La question hante tous les investisseurs en crypto-actifs : sommes-nous à l’aube d’un nouveau marché haussier historique, ou au contraire, approchons-nous déjà du sommet de ce cycle ? Alors que le Bitcoin a retrouvé des niveaux significatifs et que l’enthousiasme revient sur le marché, une analyse superficielle pourrait laisser croire que le meilleur est derrière nous. Cependant, une plongée profonde dans les indicateurs macroéconomiques clés – ceux qui ont traditionnellement dicté le rythme des cycles financiers – raconte une histoire radicalement différente. Dans une récente analyse, The Crypto Lark a décortiqué des données comme l’ISM PMI manufacturier, l’indice du marché immobilier (HMI) et le taux de démission des employés (Quits Rate). Ces indicateurs, loin de signaler une surchauffe en fin de cycle, pointent presque unanimement vers une phase de reprise, voire de milieu de cycle. Cet article se propose d’explorer en détail ces signaux macroéconomiques, de les mettre en perspective avec l’histoire des cycles précédents du Bitcoin, et d’argumenter en faveur d’une thèse audacieuse : la fin du cycle actuel n’est pas même proche. Nous allons démontrer que le carburant pour une expansion prolongée des marchés des actifs risqués, dont les cryptomonnaies font partie intégrante, est encore abondant.
🔥 Produits recommandés : Canon EOS R6 II • DJI Mini 4 Pro • MacBook Pro M4
Comprendre les cycles économiques : le cadre indispensable
Avant de plonger dans les données, il est crucial de comprendre ce qu’est un cycle économique et comment il s’articule avec les marchés financiers, notamment celui des crypto-actifs. Un cycle économique classique se décompose en quatre phases : l’expansion, le pic (ou sommet), la récession et la reprise (creux). Les marchés boursiers et les actifs risqués comme le Bitcoin ont tendance à anticiper ces phases, souvent en avance de plusieurs mois. Les indicateurs dits « avancés », comme ceux que nous allons examiner, sont des baromètres de la santé économique future. Ils mesurent l’activité des directeurs d’achat (PMI), la confiance des constructeurs immobiliers, ou la volonté des employés à changer d’emploi. Historiquement, les marchés crypto ont connu des cycles de quatre ans, largement calqués sur le halving du Bitcoin. Cependant, ces cycles ne se déroulent pas dans le vide ; ils sont profondément influencés, voire pilotés, par le cycle économique mondial sous-jacent.

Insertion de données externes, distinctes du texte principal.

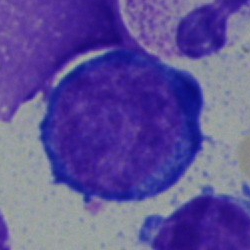
Q: What is the morphological classification of this cell?
A: Proerythroblast.
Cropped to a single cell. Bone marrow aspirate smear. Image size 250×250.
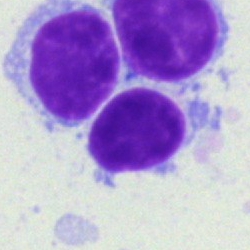
A lymphocyte.
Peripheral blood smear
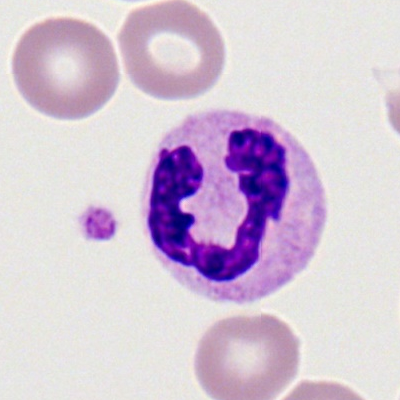

The cell shown is a segmented neutrophil.
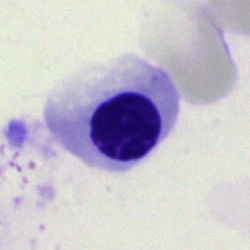
Morphological class = nucleated red cell.
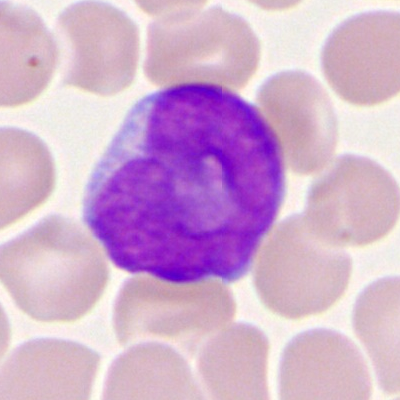Specimen: peripheral blood film.
Morphological class: myeloblast.
Lineage: myeloid.
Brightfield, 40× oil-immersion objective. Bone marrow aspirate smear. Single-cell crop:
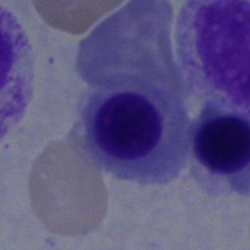

An erythroblast.
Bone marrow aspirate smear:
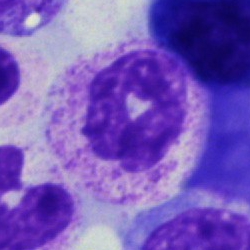

Cell type — polymorphonuclear neutrophil.
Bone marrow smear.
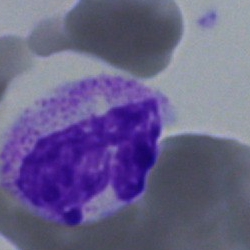A neutrophil (segmented).
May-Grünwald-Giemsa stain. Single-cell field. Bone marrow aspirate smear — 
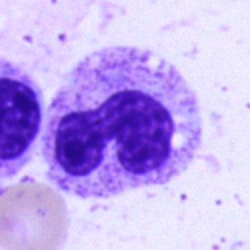Band-form neutrophil.
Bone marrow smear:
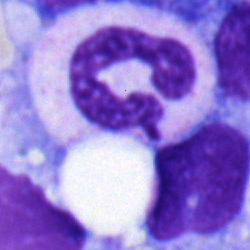 Q: Identify the cell.
A: It is a stab cell.
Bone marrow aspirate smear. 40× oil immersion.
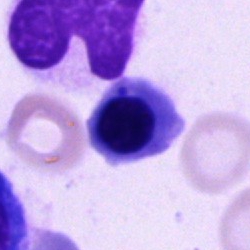This is a nucleated red blood cell.
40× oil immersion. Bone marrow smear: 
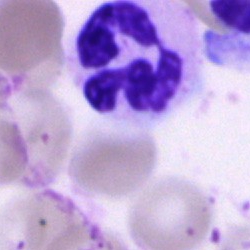 The cell shown is a neutrophil (segmented).
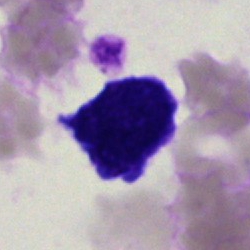
A blast on a bone marrow smear.
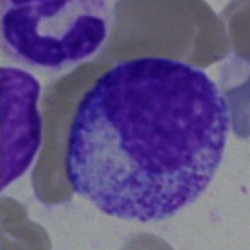

Single cell identified as a myelocyte.
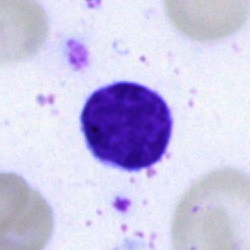 Q: Identify the cell.
A: It is a lymphocyte.
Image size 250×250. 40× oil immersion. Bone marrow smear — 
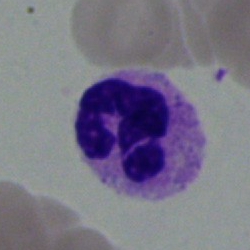{"cell_type": "polymorphonuclear neutrophil", "lineage": "myeloid"}
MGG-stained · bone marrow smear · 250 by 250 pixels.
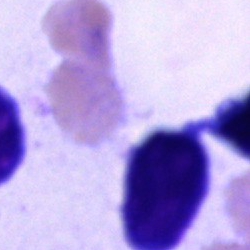Classification = unidentifiable cell.
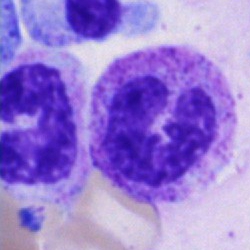

Specimen: bone marrow aspirate smear.
Classification: stab cell.
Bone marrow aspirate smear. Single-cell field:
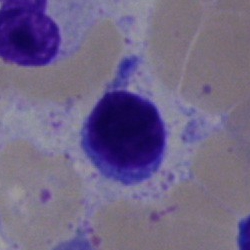

Q: Which cell type is shown here?
A: A lymphocyte.

L’erreur commune est d’analyser le marché crypto en vase clos, en se basant uniquement sur ses métriques internes (hashrate, adresses actives, etc.). La thèse défendue ici est que le cycle macroéconomique actuel, loin d’être à son terme, en est peut-être seulement à sa phase de maturité ou de reprise, laissant la porte ouverte à une période d’expansion prolongée qui pourrait propulser les actifs numériques vers des sommets inédits. La clé réside dans la lecture correcte des indicateurs qui ont précédé les retournements majeurs par le passé.
L’ISM PMI manufacturier : un indicateur loin de la surchauffe
L’ISM PMI (Institute for Supply Management Purchasing Managers’ Index) manufacturier est l’un des indicateurs économiques les plus surveillés au monde. Il mesure l’activité du secteur manufacturier à travers un sondage mensuel auprès de directeurs d’achat. Un score au-dessus de 50 indique une expansion, en dessous une contraction. L’analyse de The Crypto Lark met en lumière un point capital : lors des pics de cycle économique précédents, comme avant la crise des subprimes ou la bulle Internet, l’ISM PMI atteignait régulièrement des niveaux euphoriques entre 60 et 65. C’est le signe d’une économie en surchauffe, où la demande dépasse l’offre, les tensions sur les chaînes d’approvisionnement sont maximales et les pressions inflationnistes fortes. Où en sommes-nous aujourd’hui ? Après une période de contraction post-pandémie, l’indice peine à retrouver un dynamisme solide. Les derniers chiffres, bien qu’en territoire d’expansion, tournent autour de 48-52, très loin des niveaux de surchauffe historique. Cette lecture modérée est extrêmement significative. Elle suggère que le secteur manufacturier, pilier de l’économie réelle, n’est pas dans une phase terminale de cycle. Il est soit en phase de reprise après une contraction, soit dans une expansion modérée et saine. Pour les marchés financiers, un PMI autour de 50-55 est souvent le terreau le plus fertile pour une hausse soutenue des actifs risqués, car il indique une croissance sans excès inflationniste immédiat qui forcerait les banques centrales à serrer la vis brutalement. La comparaison avec le pic de 2021, où le Bitcoin a atteint 69 000 $, est édifiante : à cette époque, l’économie mondiale était en pleine frénésie post-COVID, avec des indicateurs bien plus élevés. Aujourd’hui, le contexte est plus mesuré, et donc potentiellement plus durable.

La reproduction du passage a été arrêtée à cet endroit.